[[ PROVIDED ENTRIES open ]]

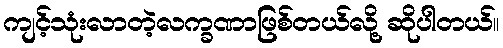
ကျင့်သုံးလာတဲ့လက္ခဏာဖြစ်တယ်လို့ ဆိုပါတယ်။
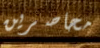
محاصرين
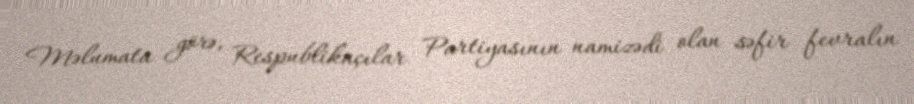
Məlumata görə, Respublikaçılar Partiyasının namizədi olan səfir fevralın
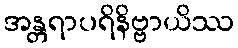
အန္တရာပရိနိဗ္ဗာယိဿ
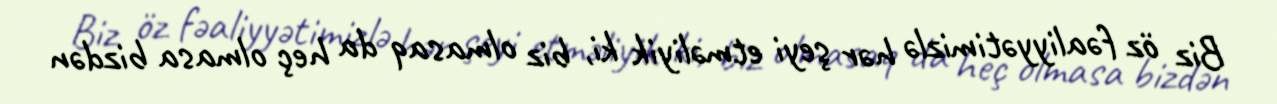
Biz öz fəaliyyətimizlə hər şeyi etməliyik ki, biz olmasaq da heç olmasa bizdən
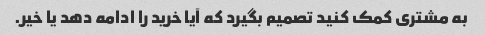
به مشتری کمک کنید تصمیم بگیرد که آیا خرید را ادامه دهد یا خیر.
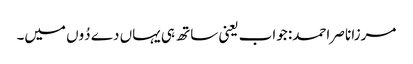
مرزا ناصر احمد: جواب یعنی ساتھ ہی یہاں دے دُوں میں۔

[[ PROVIDED ENTRIES closed ]]
[[ PROVIDED ENTRIES open ]]

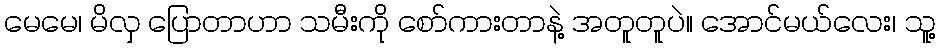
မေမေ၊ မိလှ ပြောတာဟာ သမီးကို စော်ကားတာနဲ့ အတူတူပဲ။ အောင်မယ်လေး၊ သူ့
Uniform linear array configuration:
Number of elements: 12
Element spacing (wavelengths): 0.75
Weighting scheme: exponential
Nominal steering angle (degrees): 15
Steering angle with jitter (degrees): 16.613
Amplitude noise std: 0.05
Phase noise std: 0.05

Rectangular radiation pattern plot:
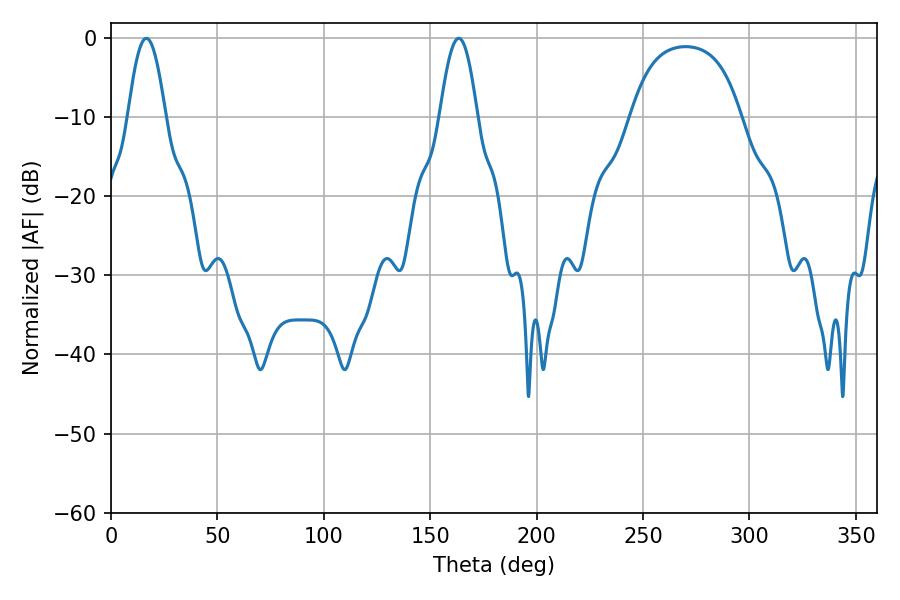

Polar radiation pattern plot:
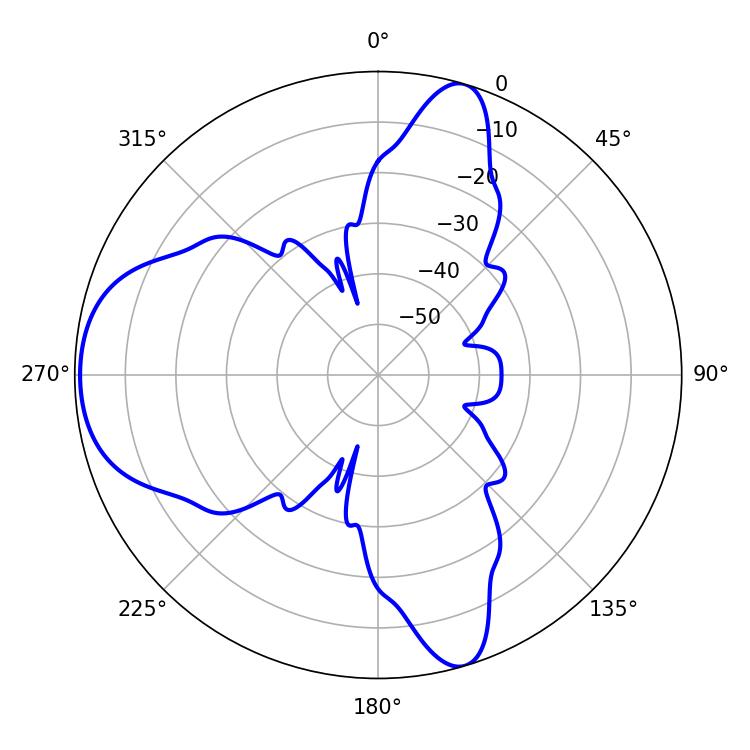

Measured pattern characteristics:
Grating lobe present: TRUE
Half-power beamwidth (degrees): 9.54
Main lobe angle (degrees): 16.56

[[ PROVIDED ENTRIES closed ]]

*WHAT THE TASK ASKS*: Your answer should consist of the lines of the listing that contain "lobe", copied as they stand.

*EXPECTED ANSWER*:
Grating lobe present: TRUE
Main lobe angle (degrees): 16.56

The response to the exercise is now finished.